When we dismissed this complaint -- due to threats of legal fee blowback from an obviously twisted Attorney and one of the largest Brokerages on the planet -- we included this closing letter and all statutes showing we had been run out of a transaction where there was no legal basis for their behavior.
This would NEVER have transpired in a Municipal or Justice of the Peace court or a Court where the Judge felt she had a vested interest and obligations in the community. If she had to face her "constituents" at the local grocery store or around town this would not happen.
A 2007 Code of Civil Procedure requires county court houses with digital files to make them availalbe to the public. Monterey County has been in violatio of that since then. They claim it has to do with privacy concerns -- without admitting all civile court documents are public documents and it was parties responsibility to ask for and obtain privacy on documents when they filed them, if appropriate, not the courts problem. They are being concealed for many other reasons that only benefit the legal lobby and those committed various frauds.

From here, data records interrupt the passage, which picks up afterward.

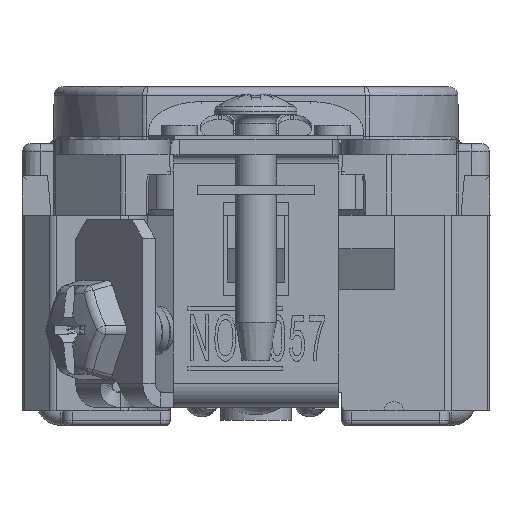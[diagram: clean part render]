
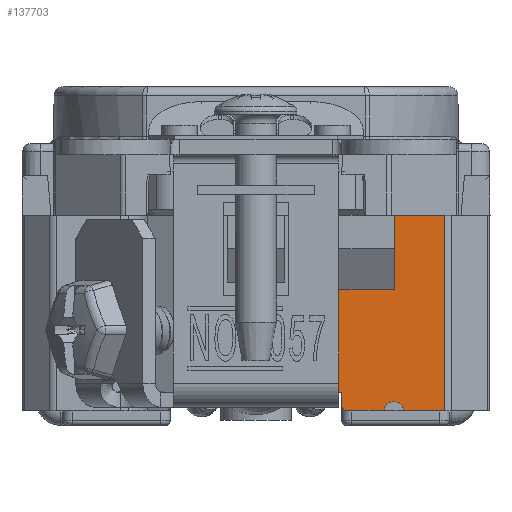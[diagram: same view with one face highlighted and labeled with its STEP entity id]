
A CAD part, front view. The second image highlights one B-rep face of the part: STEP entity #137703.
In plain terms, the highlighted planar face has unit normal (0, -1, 0).
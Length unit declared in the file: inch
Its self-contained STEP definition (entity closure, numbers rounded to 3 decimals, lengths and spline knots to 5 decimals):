
#7122 = DIRECTION ( 'NONE',  ( 1., 0., 0. ) ) ;
#7824 = EDGE_CURVE ( 'NONE', #42382, #246458, #173636, .T. ) ;
#8889 = CARTESIAN_POINT ( 'NONE',  ( 0.281, -1.2135, -0.258 ) ) ;
#8986 = CARTESIAN_POINT ( 'NONE',  ( 0.281, -1.2135, -0.32 ) ) ;
#8993 = PLANE ( 'NONE',  #162334 ) ;
#9638 = AXIS2_PLACEMENT_3D ( 'NONE', #67389, #146495, #31105 ) ;
#13966 = CIRCLE ( 'NONE', #109007, 0.031 ) ;
#14099 = ORIENTED_EDGE ( 'NONE', *, *, #170176, .T. ) ;
#15605 = CARTESIAN_POINT ( 'NONE',  ( 0., -1.2135, -0.258 ) ) ;
#19169 = DIRECTION ( 'NONE',  ( 0., 0., -1. ) ) ;
#21481 = ORIENTED_EDGE ( 'NONE', *, *, #108816, .F. ) ;
#25532 = DIRECTION ( 'NONE',  ( 1., 0., 0. ) ) ;
#31105 = DIRECTION ( 'NONE',  ( 0., 0., -1. ) ) ;
#36504 = CARTESIAN_POINT ( 'NONE',  ( 0.296, -1.2135, -0.32 ) ) ;
#36833 = EDGE_CURVE ( 'NONE', #150446, #55147, #97674, .T. ) ;
#40123 = VERTEX_POINT ( 'NONE', #161211 ) ;
#40646 = CARTESIAN_POINT ( 'NONE',  ( 0.25122, -1.2135, -0.258 ) ) ;
#42382 = VERTEX_POINT ( 'NONE', #62378 ) ;
#44048 = VECTOR ( 'NONE', #228952, 39.37008 ) ;
#46516 = ORIENTED_EDGE ( 'NONE', *, *, #7824, .F. ) ;
#47883 = CARTESIAN_POINT ( 'NONE',  ( 0., -1.2135, -0.32 ) ) ;
#48983 = CARTESIAN_POINT ( 'NONE',  ( 0., -1.2135, -0.258 ) ) ;
#50414 = LINE ( 'NONE', #8986, #54916 ) ;
#53257 = VECTOR ( 'NONE', #223252, 39.37008 ) ;
#54916 = VECTOR ( 'NONE', #69964, 39.37008 ) ;
#55147 = VERTEX_POINT ( 'NONE', #81458 ) ;
#58745 = LINE ( 'NONE', #141745, #53257 ) ;
#61558 = VERTEX_POINT ( 'NONE', #95566 ) ;
#62378 = CARTESIAN_POINT ( 'NONE',  ( 0.27, -1.2135, -0.258 ) ) ;
#64839 = FACE_OUTER_BOUND ( 'NONE', #143600, .T. ) ;
#67389 = CARTESIAN_POINT ( 'NONE',  ( 0.296, -1.2135, -0.305 ) ) ;
#69964 = DIRECTION ( 'NONE',  ( 0., 0., 1. ) ) ;
#78375 = VECTOR ( 'NONE', #187772, 39.37008 ) ;
#81458 = CARTESIAN_POINT ( 'NONE',  ( 0.61666, -1.2135, 0.32 ) ) ;
#81991 = EDGE_CURVE ( 'NONE', #121701, #204550, #225017, .T. ) ;
#84555 = ORIENTED_EDGE ( 'NONE', *, *, #127241, .T. ) ;
#86625 = LINE ( 'NONE', #48983, #115244 ) ;
#86703 = DIRECTION ( 'NONE',  ( 0., 0., 1. ) ) ;
#90875 = CARTESIAN_POINT ( 'NONE',  ( 0.281, -1.2135, -0.305 ) ) ;
#95566 = CARTESIAN_POINT ( 'NONE',  ( 0.42, -1.2135, -0.32 ) ) ;
#97674 = LINE ( 'NONE', #231212, #156210 ) ;
#98218 = DIRECTION ( 'NONE',  ( 0., -1., 0. ) ) ;
#103945 = EDGE_CURVE ( 'NONE', #40123, #61558, #13966, .T. ) ;
#106476 = ORIENTED_EDGE ( 'NONE', *, *, #162417, .F. ) ;
#108712 = CARTESIAN_POINT ( 'NONE',  ( 0., -1.2135, -0.32 ) ) ;
#108816 = EDGE_CURVE ( 'NONE', #173824, #42382, #86625, .T. ) ;
#109007 = AXIS2_PLACEMENT_3D ( 'NONE', #137116, #98218, #19169 ) ;
#112415 = VERTEX_POINT ( 'NONE', #90875 ) ;
#115244 = VECTOR ( 'NONE', #165640, 39.37008 ) ;
#120882 = ORIENTED_EDGE ( 'NONE', *, *, #245272, .F. ) ;
#121701 = VERTEX_POINT ( 'NONE', #151395 ) ;
#126379 = LINE ( 'NONE', #204109, #191980 ) ;
#127010 = DIRECTION ( 'NONE',  ( 0., 0., -1. ) ) ;
#127241 = EDGE_CURVE ( 'NONE', #40123, #150446, #126379, .T. ) ;
#128142 = ORIENTED_EDGE ( 'NONE', *, *, #136301, .F. ) ;
#130064 = VERTEX_POINT ( 'NONE', #36504 ) ;
#134596 = EDGE_CURVE ( 'NONE', #246458, #121701, #186501, .T. ) ;
#136301 = EDGE_CURVE ( 'NONE', #204550, #209660, #58745, .T. ) ;
#137116 = CARTESIAN_POINT ( 'NONE',  ( 0.451, -1.2135, -0.32 ) ) ;
#137703 = ADVANCED_FACE ( 'NONE', ( #64839 ), #8993, .T. ) ;
#138632 = EDGE_CURVE ( 'NONE', #112415, #130064, #233143, .T. ) ;
#141745 = CARTESIAN_POINT ( 'NONE',  ( 0.453, -1.2135, -0.32 ) ) ;
#143600 = EDGE_LOOP ( 'NONE', ( #106476, #165340, #14099, #171829, #84555, #160677, #120882, #128142, #181741, #214479, #46516, #21481 ) ) ;
#146001 = CARTESIAN_POINT ( 'NONE',  ( 0.25122, -1.2135, 0.076 ) ) ;
#146495 = DIRECTION ( 'NONE',  ( 0., -1., 0. ) ) ;
#150446 = VERTEX_POINT ( 'NONE', #168967 ) ;
#151395 = CARTESIAN_POINT ( 'NONE',  ( 0.25122, -1.2135, 0.076 ) ) ;
#151707 = DIRECTION ( 'NONE',  ( -1., 0., 0. ) ) ;
#152509 = LINE ( 'NONE', #230284, #44048 ) ;
#156210 = VECTOR ( 'NONE', #236277, 39.37008 ) ;
#160677 = ORIENTED_EDGE ( 'NONE', *, *, #36833, .T. ) ;
#161211 = CARTESIAN_POINT ( 'NONE',  ( 0.482, -1.2135, -0.32 ) ) ;
#162234 = CARTESIAN_POINT ( 'NONE',  ( 0.453, -1.2135, 0.32 ) ) ;
#162334 = AXIS2_PLACEMENT_3D ( 'NONE', #47883, #189172, #127010 ) ;
#162417 = EDGE_CURVE ( 'NONE', #112415, #173824, #50414, .T. ) ;
#165340 = ORIENTED_EDGE ( 'NONE', *, *, #138632, .T. ) ;
#165640 = DIRECTION ( 'NONE',  ( -1., 0., 0. ) ) ;
#168601 = CARTESIAN_POINT ( 'NONE',  ( 0.453, -1.2135, 0.076 ) ) ;
#168967 = CARTESIAN_POINT ( 'NONE',  ( 0.61666, -1.2135, -0.32 ) ) ;
#169538 = CARTESIAN_POINT ( 'NONE',  ( 0.25122, -1.2135, -0.32 ) ) ;
#170176 = EDGE_CURVE ( 'NONE', #130064, #61558, #207233, .T. ) ;
#171829 = ORIENTED_EDGE ( 'NONE', *, *, #103945, .F. ) ;
#173636 = LINE ( 'NONE', #15605, #199905 ) ;
#173824 = VERTEX_POINT ( 'NONE', #8889 ) ;
#181741 = ORIENTED_EDGE ( 'NONE', *, *, #81991, .F. ) ;
#186501 = LINE ( 'NONE', #169538, #238518 ) ;
#187772 = DIRECTION ( 'NONE',  ( 1., 0., 0. ) ) ;
#189172 = DIRECTION ( 'NONE',  ( 0., -1., 0. ) ) ;
#191980 = VECTOR ( 'NONE', #7122, 39.37008 ) ;
#199905 = VECTOR ( 'NONE', #151707, 39.37008 ) ;
#204109 = CARTESIAN_POINT ( 'NONE',  ( 0., -1.2135, -0.32 ) ) ;
#204550 = VERTEX_POINT ( 'NONE', #168601 ) ;
#207233 = LINE ( 'NONE', #108712, #78375 ) ;
#209660 = VERTEX_POINT ( 'NONE', #162234 ) ;
#214479 = ORIENTED_EDGE ( 'NONE', *, *, #134596, .F. ) ;
#223252 = DIRECTION ( 'NONE',  ( 0., 0., 1. ) ) ;
#225017 = LINE ( 'NONE', #146001, #256390 ) ;
#228952 = DIRECTION ( 'NONE',  ( 1., 0., 0. ) ) ;
#230284 = CARTESIAN_POINT ( 'NONE',  ( 0., -1.2135, 0.32 ) ) ;
#231212 = CARTESIAN_POINT ( 'NONE',  ( 0.61666, -1.2135, -0.32 ) ) ;
#233143 = CIRCLE ( 'NONE', #9638, 0.015 ) ;
#236277 = DIRECTION ( 'NONE',  ( 0., 0., 1. ) ) ;
#238518 = VECTOR ( 'NONE', #86703, 39.37008 ) ;
#245272 = EDGE_CURVE ( 'NONE', #209660, #55147, #152509, .T. ) ;
#246458 = VERTEX_POINT ( 'NONE', #40646 ) ;
#256390 = VECTOR ( 'NONE', #25532, 39.37008 ) ;

In 2022, Monterey County stopped recording all civil proceedings other than Probate, Family court and small claims (those specifically required by statute). The excuse was cost at a time when recording hearings and storing them was cheaper than any time in prior history. . Thus, no recordings of the hearing with Panetta exist. Thus, they rendered the Judges "un-auditable", and they see no problems with that.
Can you imagine what would have transpired if those court hearings were recorded? Do you believe Panetta could have or would have performed in the same manner? If she did, can you imagine what would have happend if those recordings could have been posted for public review - and access to the court records could have been provided simultaneously?
This isn't a court by or for the people. At all...
Based on the behavior of Panetta and three other judges, the violation of document access since 2007 and the termination of civil court recording in 2022 -- it seems clear the world's largest real estate brokers -- controlled by Venture Capital firms -- incuding Apollo Management Group -- a prior Leon Black company -- and the California Legal lobby have taken over the California Civil Legal System.
Nothing is working properly.
Attorneys for each of theses firms made money in the process -- and Judge Panetta took home more paychecks to help pay down the student loan debt her husband was still showing on disclosures, seemingly 30 years after their graduations -- all at community expense.
All four commercial groups describe above -- 1) WIN Home Inpsections Monterey 2) Travaille Transactions 3) Coldwell Banker and 4) Keller Williams saw no penalties for their behavior and no media reporting even though this was shared with them. There were also initially 70 attorneys kept up to date on the court proceedings that fell over time -- but none of them have exposed any of this either. The public is the last to know.
This is no way to do commerce and no way to do Law.
The frauds from the 1980s are or should be known to all the Judges and they are looking the other way -- and the 1974 Political Reform Act, which allows all of them to conceal real estate -- with oversight from their own legal brethren at the FPPC is viewed as treasonous by some of us.
This has been an introuction to the Black Robe Mafia and how it all doesn't work.
Not only does Carrie Panetta need to be removed from the bench -- they all do.